Rayhane-mamah / Tacotron-2

DeepMind's Tacotron-2 Tensorflow implementation
MIT License
2.27k stars 905 forks source link

Model can't pronounce abbreviation. #102

Closed ishansan38 closed 6 years ago

ishansan38 commented 6 years ago

Hi. I tried running Tacotron-2 on abbreviations like CEO and it was not able to correctly pronounce them. Is there any way to fix this?

Rayhane-mamah commented 6 years ago

Tacotron is trained on normalized text. I.e everything is explicitely spelled for the model so the behavior you're reporting is natural. The easiest way would be to make some normalization tool like tacotron/util/text.py. it is essential everything is written as the model is expected to read it. In your case, a simple conversion to "C E O" will do fine. Cheers!
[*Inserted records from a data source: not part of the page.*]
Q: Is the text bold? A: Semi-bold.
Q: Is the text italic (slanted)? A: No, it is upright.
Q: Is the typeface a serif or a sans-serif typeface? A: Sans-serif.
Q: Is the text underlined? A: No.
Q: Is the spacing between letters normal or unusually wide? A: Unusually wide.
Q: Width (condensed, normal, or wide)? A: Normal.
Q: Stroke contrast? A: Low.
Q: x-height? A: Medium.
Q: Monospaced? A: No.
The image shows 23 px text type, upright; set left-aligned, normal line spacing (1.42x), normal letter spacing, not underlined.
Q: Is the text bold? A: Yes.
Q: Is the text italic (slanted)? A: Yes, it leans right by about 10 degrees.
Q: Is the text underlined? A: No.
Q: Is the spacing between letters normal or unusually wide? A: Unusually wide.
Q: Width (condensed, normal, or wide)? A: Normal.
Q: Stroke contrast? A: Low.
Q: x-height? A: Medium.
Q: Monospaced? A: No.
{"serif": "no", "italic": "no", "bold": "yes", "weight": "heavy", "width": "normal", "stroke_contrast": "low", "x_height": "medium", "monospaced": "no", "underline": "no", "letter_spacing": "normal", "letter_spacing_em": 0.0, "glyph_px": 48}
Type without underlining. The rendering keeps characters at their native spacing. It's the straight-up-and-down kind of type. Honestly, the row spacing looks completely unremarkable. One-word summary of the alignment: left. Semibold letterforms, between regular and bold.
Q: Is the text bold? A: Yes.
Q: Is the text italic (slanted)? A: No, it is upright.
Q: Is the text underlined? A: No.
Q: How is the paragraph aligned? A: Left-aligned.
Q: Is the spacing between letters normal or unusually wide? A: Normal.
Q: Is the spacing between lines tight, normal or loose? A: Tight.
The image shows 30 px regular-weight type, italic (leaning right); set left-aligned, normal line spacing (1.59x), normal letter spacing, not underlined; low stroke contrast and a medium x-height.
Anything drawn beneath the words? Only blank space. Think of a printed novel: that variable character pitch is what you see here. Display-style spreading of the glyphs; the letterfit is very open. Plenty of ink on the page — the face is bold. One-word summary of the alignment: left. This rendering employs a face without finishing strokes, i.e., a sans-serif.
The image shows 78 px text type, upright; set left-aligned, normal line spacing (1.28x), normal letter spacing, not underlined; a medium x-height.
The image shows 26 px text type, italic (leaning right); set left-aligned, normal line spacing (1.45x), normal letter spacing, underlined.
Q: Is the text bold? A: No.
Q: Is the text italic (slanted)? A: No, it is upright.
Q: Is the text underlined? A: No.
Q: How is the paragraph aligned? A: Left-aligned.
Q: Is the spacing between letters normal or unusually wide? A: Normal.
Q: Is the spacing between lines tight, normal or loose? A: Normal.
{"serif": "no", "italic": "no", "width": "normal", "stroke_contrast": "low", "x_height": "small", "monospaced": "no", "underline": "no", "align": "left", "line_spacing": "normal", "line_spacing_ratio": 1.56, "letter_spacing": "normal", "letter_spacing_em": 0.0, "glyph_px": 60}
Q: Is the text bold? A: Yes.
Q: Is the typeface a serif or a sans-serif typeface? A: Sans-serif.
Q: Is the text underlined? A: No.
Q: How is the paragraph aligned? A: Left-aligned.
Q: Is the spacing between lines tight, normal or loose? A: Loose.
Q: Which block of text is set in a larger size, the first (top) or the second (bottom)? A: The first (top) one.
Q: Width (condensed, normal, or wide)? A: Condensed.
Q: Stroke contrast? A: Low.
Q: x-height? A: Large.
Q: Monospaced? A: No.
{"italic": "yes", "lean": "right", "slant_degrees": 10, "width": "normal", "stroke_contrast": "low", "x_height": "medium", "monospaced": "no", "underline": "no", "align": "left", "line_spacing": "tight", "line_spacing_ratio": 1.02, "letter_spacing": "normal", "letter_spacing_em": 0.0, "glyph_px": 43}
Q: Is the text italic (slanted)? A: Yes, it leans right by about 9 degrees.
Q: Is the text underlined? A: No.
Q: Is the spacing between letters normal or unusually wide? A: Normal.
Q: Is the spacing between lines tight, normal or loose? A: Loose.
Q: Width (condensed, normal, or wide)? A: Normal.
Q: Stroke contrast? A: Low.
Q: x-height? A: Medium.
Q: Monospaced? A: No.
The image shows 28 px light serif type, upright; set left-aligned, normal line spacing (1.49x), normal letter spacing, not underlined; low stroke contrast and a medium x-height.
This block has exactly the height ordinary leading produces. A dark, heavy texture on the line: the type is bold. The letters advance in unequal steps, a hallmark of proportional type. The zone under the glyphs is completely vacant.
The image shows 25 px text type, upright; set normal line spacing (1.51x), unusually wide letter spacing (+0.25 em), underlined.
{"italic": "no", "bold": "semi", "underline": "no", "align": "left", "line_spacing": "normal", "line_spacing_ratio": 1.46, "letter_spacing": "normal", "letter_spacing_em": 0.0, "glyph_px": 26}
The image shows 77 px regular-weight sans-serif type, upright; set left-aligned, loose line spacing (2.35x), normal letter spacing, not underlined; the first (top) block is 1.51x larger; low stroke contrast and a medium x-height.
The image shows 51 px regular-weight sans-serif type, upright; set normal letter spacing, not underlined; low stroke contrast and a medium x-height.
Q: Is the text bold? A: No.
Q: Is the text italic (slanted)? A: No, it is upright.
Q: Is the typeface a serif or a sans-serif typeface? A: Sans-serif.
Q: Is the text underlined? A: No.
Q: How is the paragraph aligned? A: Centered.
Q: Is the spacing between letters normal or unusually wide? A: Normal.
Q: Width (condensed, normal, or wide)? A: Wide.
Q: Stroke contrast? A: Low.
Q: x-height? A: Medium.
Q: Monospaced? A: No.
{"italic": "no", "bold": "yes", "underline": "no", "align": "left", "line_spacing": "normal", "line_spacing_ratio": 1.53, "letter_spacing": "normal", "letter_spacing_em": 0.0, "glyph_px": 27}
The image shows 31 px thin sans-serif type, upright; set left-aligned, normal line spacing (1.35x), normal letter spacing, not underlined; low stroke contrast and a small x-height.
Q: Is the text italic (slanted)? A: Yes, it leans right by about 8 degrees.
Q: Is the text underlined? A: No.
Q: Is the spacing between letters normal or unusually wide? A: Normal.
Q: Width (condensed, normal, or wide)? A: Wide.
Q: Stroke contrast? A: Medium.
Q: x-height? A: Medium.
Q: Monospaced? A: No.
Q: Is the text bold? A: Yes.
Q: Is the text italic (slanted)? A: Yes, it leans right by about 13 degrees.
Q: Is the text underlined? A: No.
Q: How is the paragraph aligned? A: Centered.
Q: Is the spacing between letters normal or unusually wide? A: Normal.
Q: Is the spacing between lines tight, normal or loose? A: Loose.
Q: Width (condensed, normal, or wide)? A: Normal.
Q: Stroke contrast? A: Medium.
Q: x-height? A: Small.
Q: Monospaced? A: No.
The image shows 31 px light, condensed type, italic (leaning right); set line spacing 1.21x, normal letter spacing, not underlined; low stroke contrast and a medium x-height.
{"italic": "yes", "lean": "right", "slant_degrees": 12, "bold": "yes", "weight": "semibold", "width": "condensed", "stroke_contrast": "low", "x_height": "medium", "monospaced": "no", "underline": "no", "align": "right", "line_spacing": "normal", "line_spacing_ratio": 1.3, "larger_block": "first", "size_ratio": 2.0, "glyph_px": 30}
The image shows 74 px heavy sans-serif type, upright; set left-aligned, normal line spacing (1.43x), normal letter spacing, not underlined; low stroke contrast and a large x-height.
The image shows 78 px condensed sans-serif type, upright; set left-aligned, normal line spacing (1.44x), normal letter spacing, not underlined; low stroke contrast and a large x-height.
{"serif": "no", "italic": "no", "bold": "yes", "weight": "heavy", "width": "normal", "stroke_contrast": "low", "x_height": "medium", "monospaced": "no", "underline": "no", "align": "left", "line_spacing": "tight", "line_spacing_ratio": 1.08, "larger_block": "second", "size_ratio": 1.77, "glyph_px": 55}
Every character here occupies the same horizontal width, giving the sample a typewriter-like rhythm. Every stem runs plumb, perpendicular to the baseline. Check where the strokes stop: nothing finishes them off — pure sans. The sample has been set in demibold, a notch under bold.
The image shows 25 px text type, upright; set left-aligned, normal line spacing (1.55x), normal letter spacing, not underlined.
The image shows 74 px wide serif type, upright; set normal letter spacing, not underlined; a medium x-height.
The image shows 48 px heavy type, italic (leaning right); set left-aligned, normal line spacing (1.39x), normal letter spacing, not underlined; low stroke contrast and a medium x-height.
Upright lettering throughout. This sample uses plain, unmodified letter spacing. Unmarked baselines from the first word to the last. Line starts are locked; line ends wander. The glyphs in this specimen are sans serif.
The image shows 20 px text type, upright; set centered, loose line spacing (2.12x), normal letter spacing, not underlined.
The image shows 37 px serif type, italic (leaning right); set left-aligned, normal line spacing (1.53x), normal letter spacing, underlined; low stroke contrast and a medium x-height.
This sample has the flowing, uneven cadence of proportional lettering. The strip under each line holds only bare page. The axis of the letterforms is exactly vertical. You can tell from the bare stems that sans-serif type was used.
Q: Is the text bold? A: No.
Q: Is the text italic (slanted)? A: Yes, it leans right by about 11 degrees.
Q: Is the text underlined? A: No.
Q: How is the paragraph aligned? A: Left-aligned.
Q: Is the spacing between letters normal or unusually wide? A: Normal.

On Sat, 14 Jul 2018, 20:56 Ishan Sharma, notifications@github.com wrote:

Hi. I tried running Tacotron-2 on abbreviations like CEO and it was not able to correctly pronounce them. Is there any way to fix this?

— You are receiving this because you are subscribed to this thread. Reply to this email directly, view it on GitHub https://github.com/Rayhane-mamah/Tacotron-2/issues/102, or mute the thread https://github.com/notifications/unsubscribe-auth/AhFSwEb5TM0zBh5kACJ8JUKecZ8lsBXnks5uGkzhgaJpZM4VP-4b .

kokimame commented 6 years ago

I had the same issue #61. Ultimately, a phoneme-based model taking phonemes as input will solve your problem. For this approach, you need to find a way to convert words into their phoneme representations. Most simply, it might be done using the CMU Pronouncing dictionary, e.g, in your case, CEO will be converted to "S IY IY OW" by the dictionary and probably be pronounced in the right way. But there are many out-of-vocabulary words, whose phoneme representations are not registered in the dictionary. One way to deal with these words is just use the character-based model you already have only for such words, as is discussed in the Deep Voice 3 paper. The other way is use a grapheme-phoneme converter and force to convert words to phonemes.

Anyway, training a model with a new input format from scratch takes a lot of time and effort. Good luck!

Rayhane-mamah commented 6 years ago

I am assuming this question has been answered, closing this due to lack of activity.

if the problem is persisting, feel free to reopen :)